Forshed Jenny, Pernemalm Maria, Tan Chuen Seng, Lindberg Marita, Kanter Lena, Pawitan Yudi, Lewensohn Rolf, Stenke Leif, Lehtiö Janne
Clinical Proteomics, Karolinska Biomics Center, Karolinska University Hospital, Stockholm, Sweden.
J Proteome Res. 2008 Jun;7(6):2332-41. doi: 10.1021/pr070482e. Epub 2008 May 2.

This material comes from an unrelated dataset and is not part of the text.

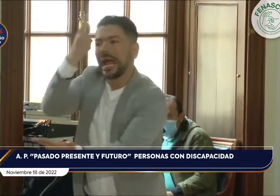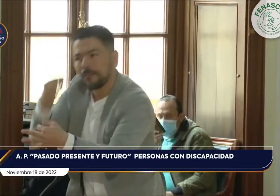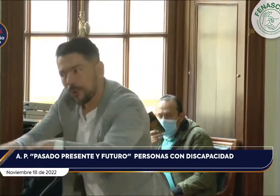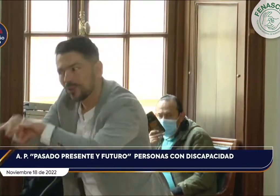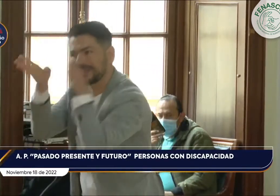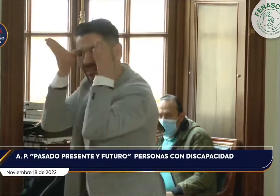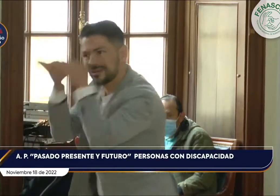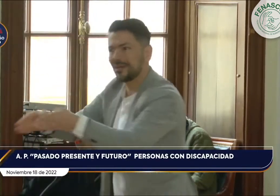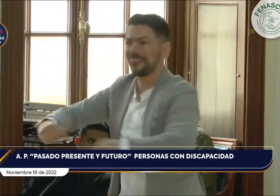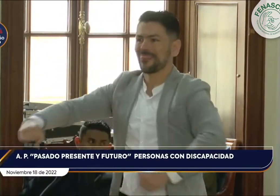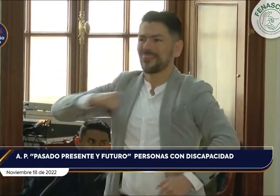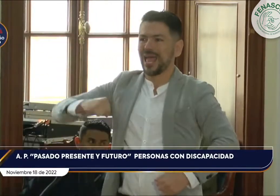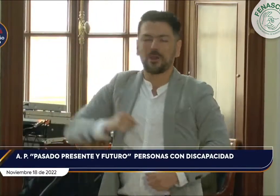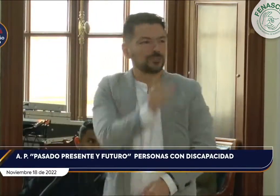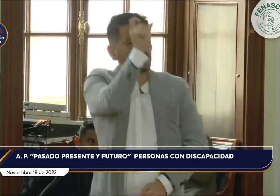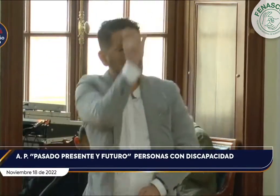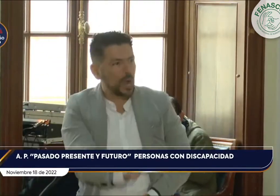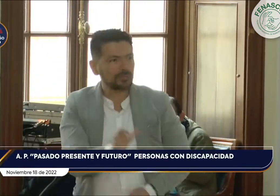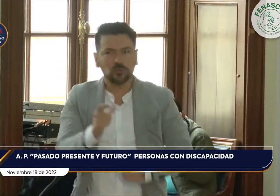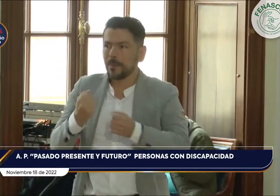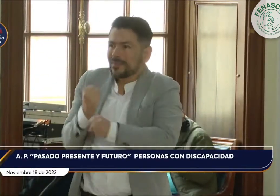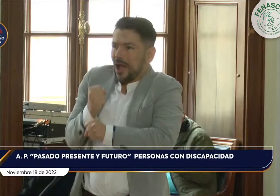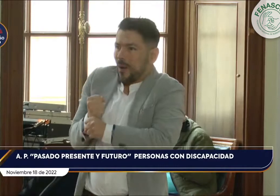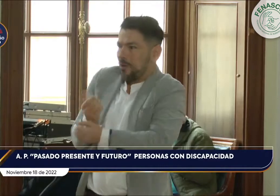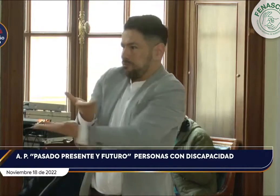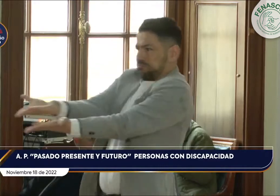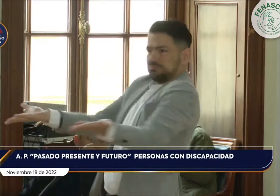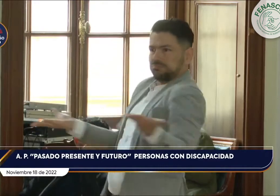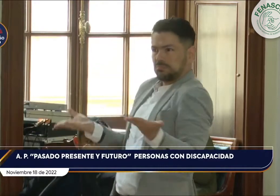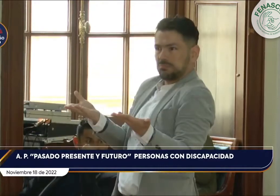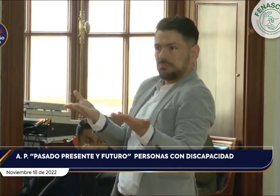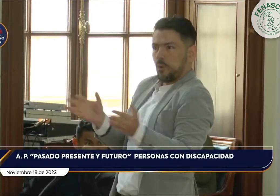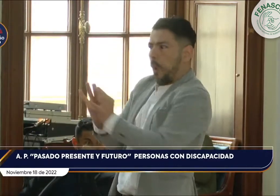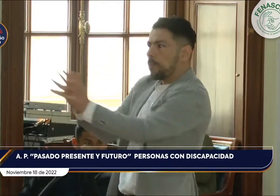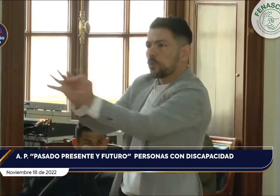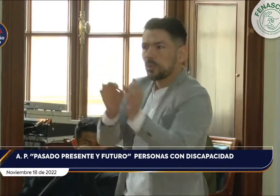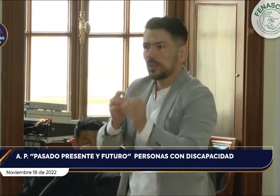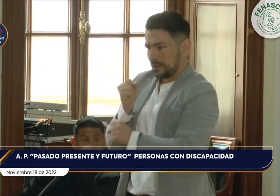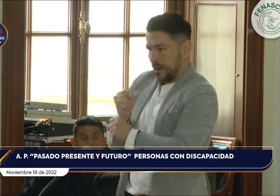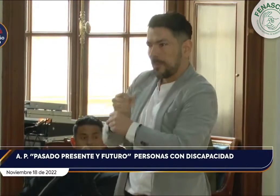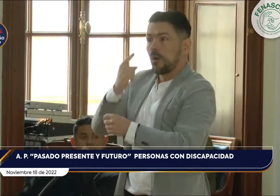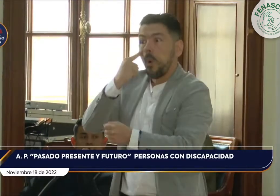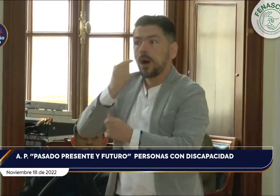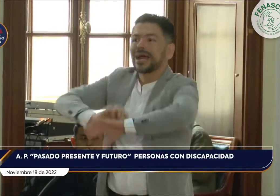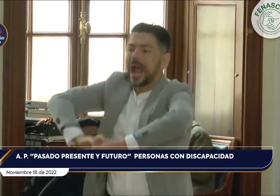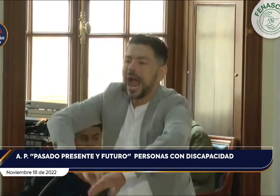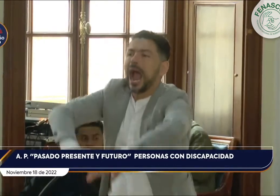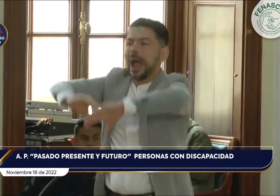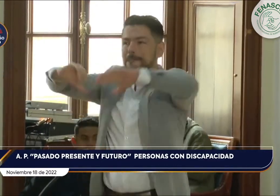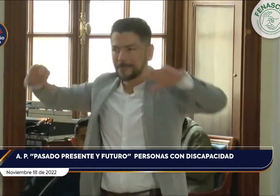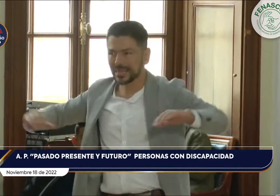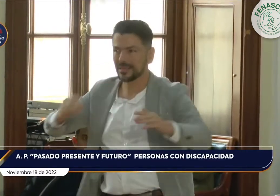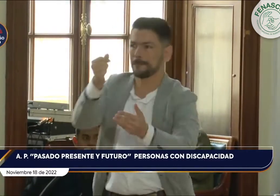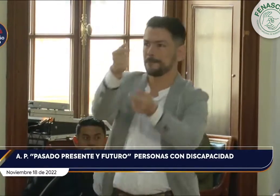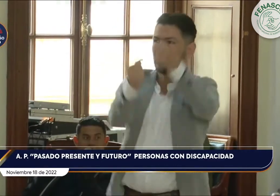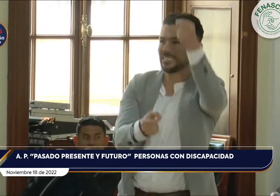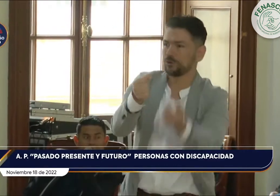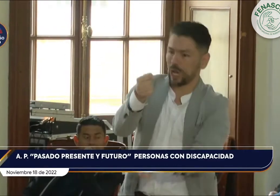las discapacidades que no permite ver un enfoque diferencial y una atención específica. Eso no permite que hayan oportunidades, por eso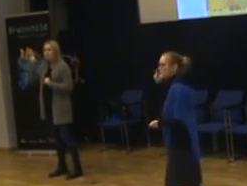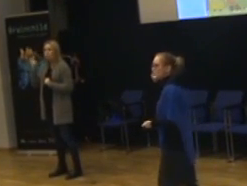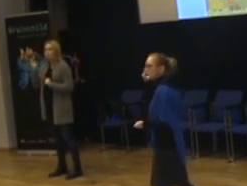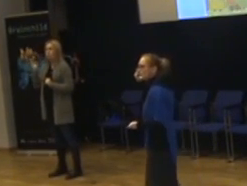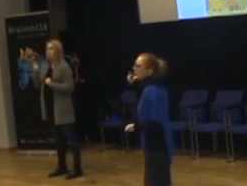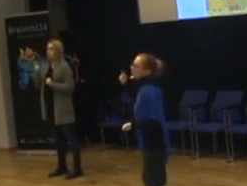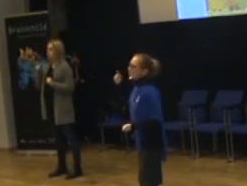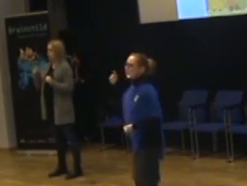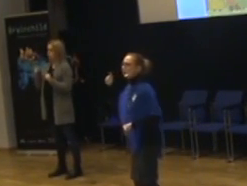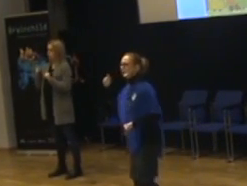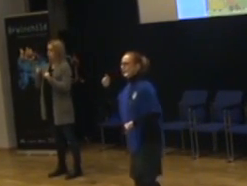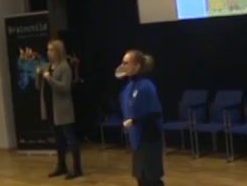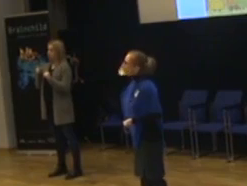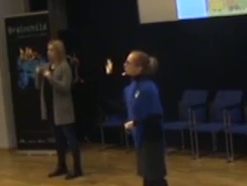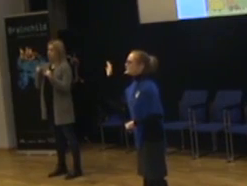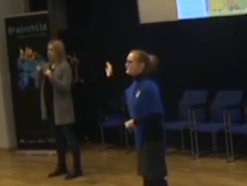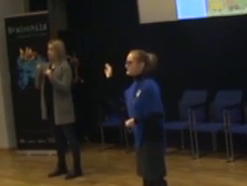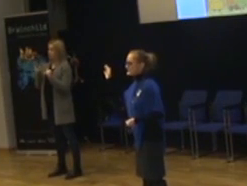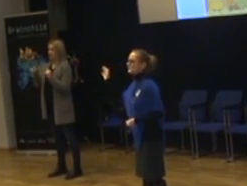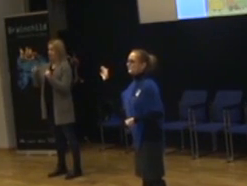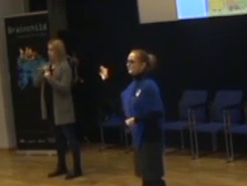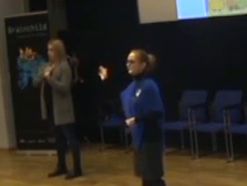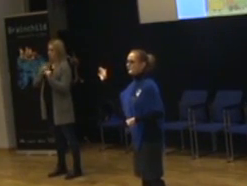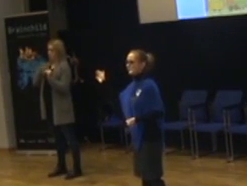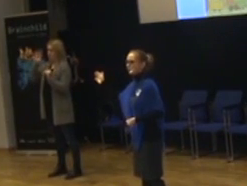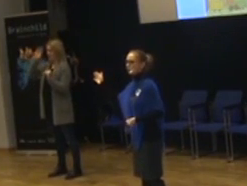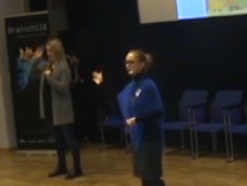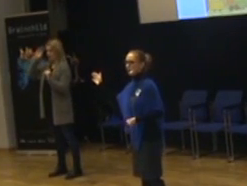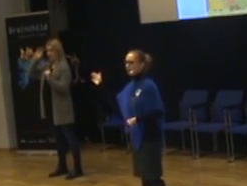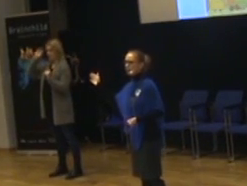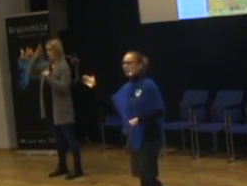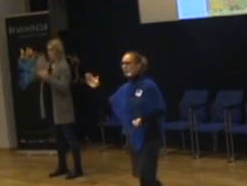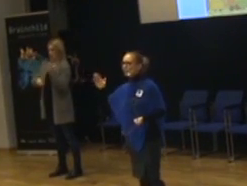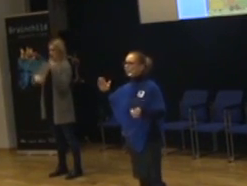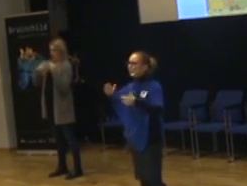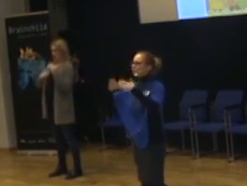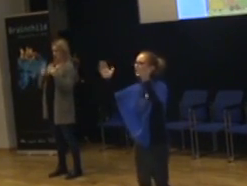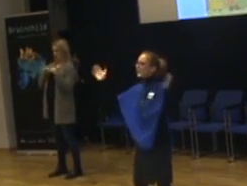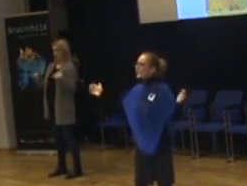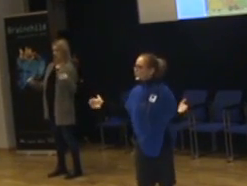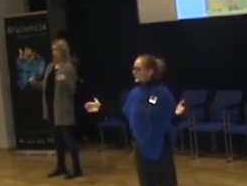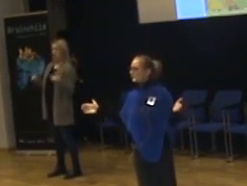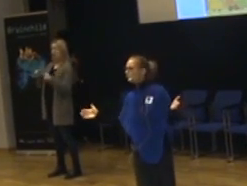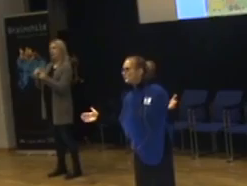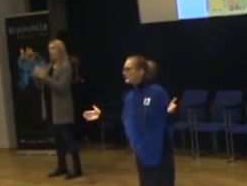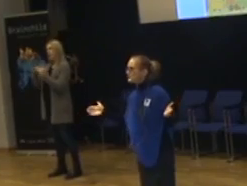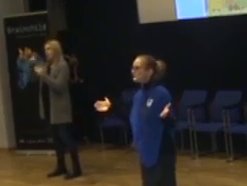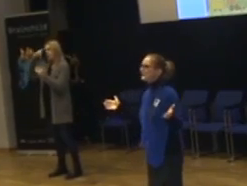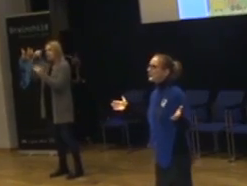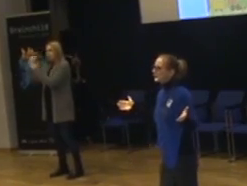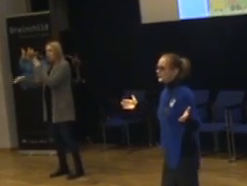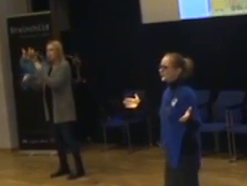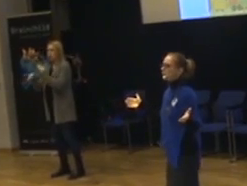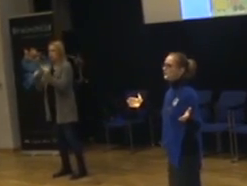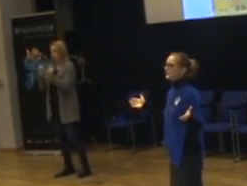Förmodligen långt smartare. Eller förmodligen. Långt smartare än jag naturligtvis när jag står där som lärare. Han har ju redan tänkt ut massa saker som jag inte ens

Our goal in this paper is to show an analytical workflow for selecting protein biomarker candidates from SELDI-MS data. The clinical question at issue is to enable prediction of the complete remission (CR) duration for acute myeloid leukemia (AML) patients. This would facilitate disease prognosis and make individual therapy possible. SELDI-mass spectrometry proteomics analyses were performed on blast cell samples collected from AML patients pre-chemotherapy. Although the biobank available included approximately 200 samples, only 58 were available for analysis. The presented workflow includes sample selection, experimental optimization, repeatability estimation, data preprocessing, data fusion, and feature selection. Specific difficulties have been the small number of samples and the skew distribution of the CR duration among the patients. Further, we had to deal with both noisy SELDI-MS data and a diverse patient cohort. This has been handled by sample selection and several methods for data preprocessing and feature detection in the analysis workflow. Four conceptually different methods for peak detection and alignment were considered, as well as two diverse methods for feature selection. The peak detection and alignment methods included the recently developed annotated regions of significance (ARS) method, the SELDI-MS software Ciphergen Express which was regarded as the standard method, segment-wise spectral alignment by a genetic algorithm (PAGA) followed by binning, and, finally, binning of raw data. In the feature selection, the "standard" Mann-Whitney t test was compared with a hierarchical orthogonal partial least-squares (O-PLS) analysis approach. The combined information from all these analyses gave a collection of 21 protein peaks. These were regarded as the most potential and robust biomarker candidates since they were picked out as significant features in several of the models. The chosen peaks will now be our first choice for the continuing work on protein identification and biological validation. The identification will be performed by chromatographic purification and MALDI MS/MS. Thus, we have shown that the use of several data handling methods can improve a protein profiling workflow from experimental optimization to a predictive model. The framework of this methodology should be seen as general and could be used with other one-dimensional spectral omics data than SELDI MS including an adequate number of samples.
本文的目标是展示一种从表面增强激光解吸电离飞行时间质谱(SELDI-MS)数据中选择蛋白质生物标志物候选物的分析流程。所讨论的临床问题是实现对急性髓系白血病(AML)患者完全缓解(CR)持续时间的预测。这将有助于疾病预后并使个体化治疗成为可能。对化疗前从AML患者采集的原始细胞样本进行了SELDI-质谱蛋白质组学分析。尽管可用的生物样本库包含约200个样本,但仅有58个可用于分析。所展示的流程包括样本选择、实验优化、重复性估计、数据预处理、数据融合和特征选择。具体困难在于样本数量少以及患者中CR持续时间的偏态分布。此外,我们必须处理有噪声的SELDI-MS数据和多样化的患者队列。这已通过样本选择以及分析流程中数据预处理和特征检测的几种方法来解决。考虑了四种概念上不同的峰检测和对齐方法,以及两种不同的特征选择方法。峰检测和对齐方法包括最近开发的显著性注释区域(ARS)方法、被视为标准方法的SELDI-MS软件Ciphergen Express、通过遗传算法进行逐段光谱对齐(PAGA)然后进行分箱,以及最后对原始数据进行分箱。在特征选择方面,将“标准”的曼-惠特尼t检验与分层正交偏最小二乘法(O-PLS)分析方法进行了比较。所有这些分析的综合信息给出了21个蛋白质峰的集合。这些被视为最具潜力和稳健性的生物标志物候选物,因为它们在多个模型中被挑选为显著特征。所选的峰现在将是我们在蛋白质鉴定和生物学验证后续工作中的首选。鉴定将通过色谱纯化和基质辅助激光解吸电离串联质谱(MALDI MS/MS)进行。因此,我们已经表明,使用多种数据处理方法可以改进从实验优化到预测模型的蛋白质谱分析流程。该方法的框架应被视为通用的,并且可用于除SELDI MS之外的其他一维光谱组学数据,包括足够数量的样本。